Joshua Dinsdale was a publisher and translator, who published books, pamphlets and poems between the years 1740–51. Little information remains of him. He had a Master of Arts degree, signified by the letters A.M. after his name on one of his translations. That he may also have been a clergyman is suggested by his A Sermon on Charity published in August 1740. In 1740, he also published two free adaptations of sections from :fr:Jacques Vanière's Latin poem Praedium Rusticum, a georgic compendium of rural know-how popular during the 18th century. The Dove-Cote or, the art of breeding pigeons, a poem (Joseph Davidson, London 1740) was a version of the 13th section (Columbae) of Vanière's poem; this was published anonymously but later ascribed to Dinsdale. It was followed by The Modern Art of Breeding Bees (in the same year and from the same publisher), this time signed with his name. However, only the first two cantos of the 14th section of Vanière's work (Apes, published separately in London in 1729) were drawn upon for that work. And Dinsdale's own opening lines are addressed to Virgil, who dealt with the subject of bee culture in the fourth book of his Georgica, thus placing Dinsdale's poem too in the 18th century tradition of English classical imitations.

Following this literary debut, he began contributing poems, reviews and translations to both The London Magazine and The Scots Magazine.
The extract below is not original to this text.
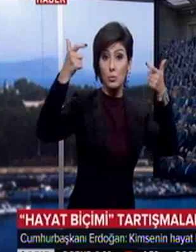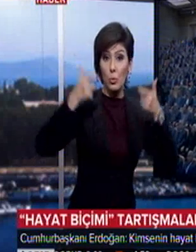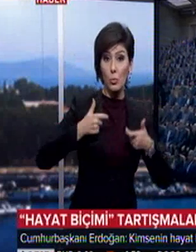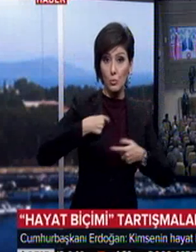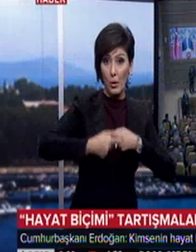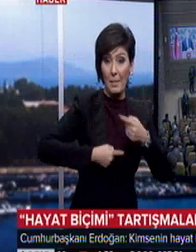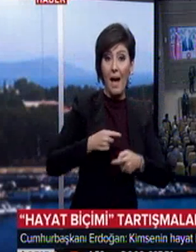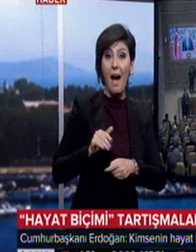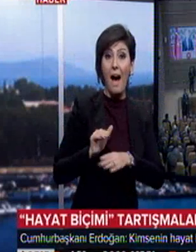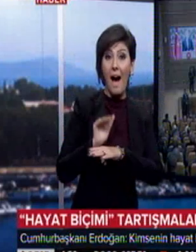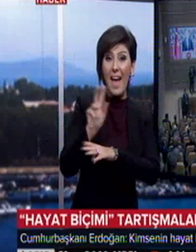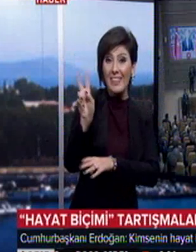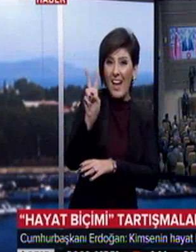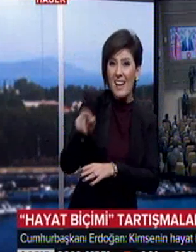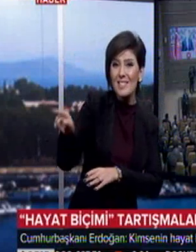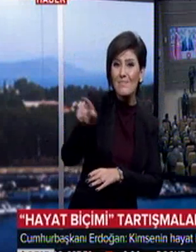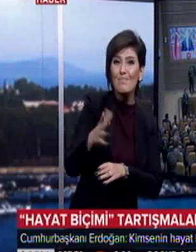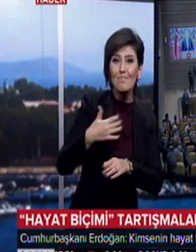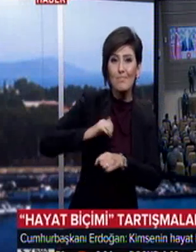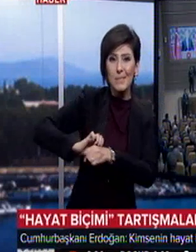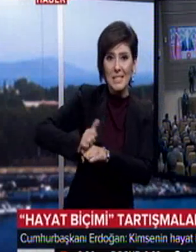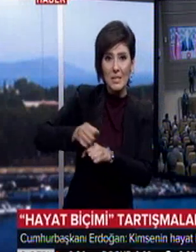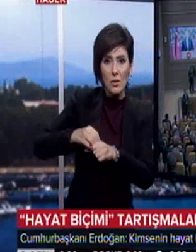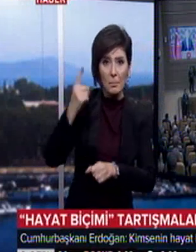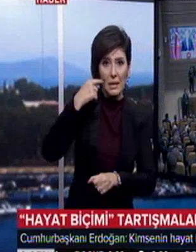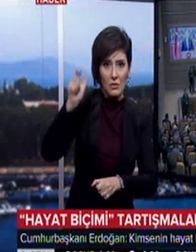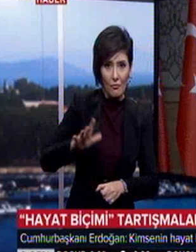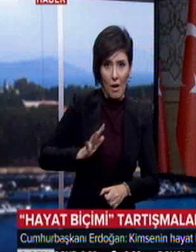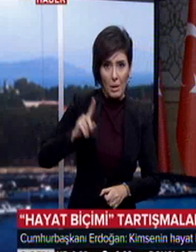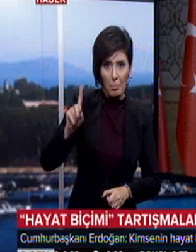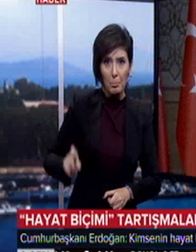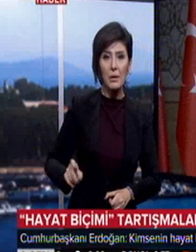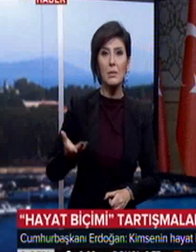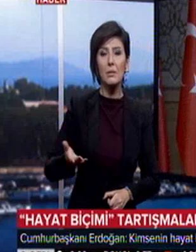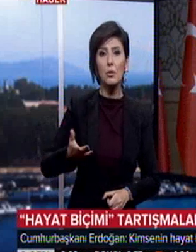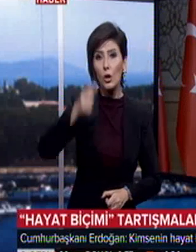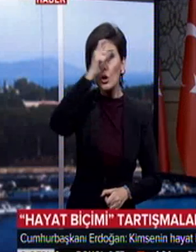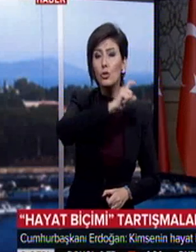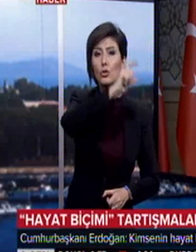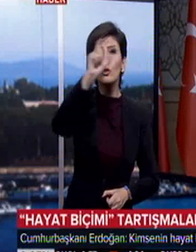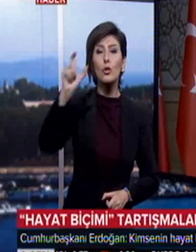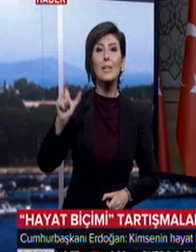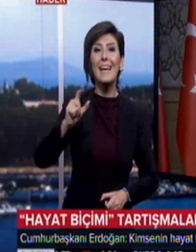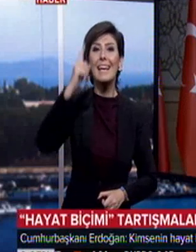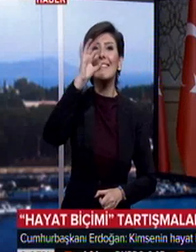hayat tarzı baskısı altında kalan acaba tek kişi var mıdır diye sordu. Türkiye'de kimsenin hayat biçimi

Among the translations were more from the Latin, in this case of poems by the Polish-born Maciej Kazimierz Sarbiewski. His final appearances in The London Magazine were a review and a poem in its volume 20 in 1751. However, two more translations by Dinsdale were published the following year. The first, Parmenides Prince of Macedonia, was of the French novel La fidelité couronnée, ou, L'histoire de Parmenide, prince de Macedoine by Le Coq-Madeleine, originally published in 1706. The other was a translation from the Greek of The Orations and Epistles of Isocrates. For all that Dinsdale apologised in his preface that he had "neither designed it too literal or too paraphrastical" (as had been his practice with Vanière), the work was later to be dismissed as "a correct translation without much ornament of style". Mention on the title page that the translation had been "revis’d by the Rev. Mr. Young" may suggest that Dinsdale was dead by then.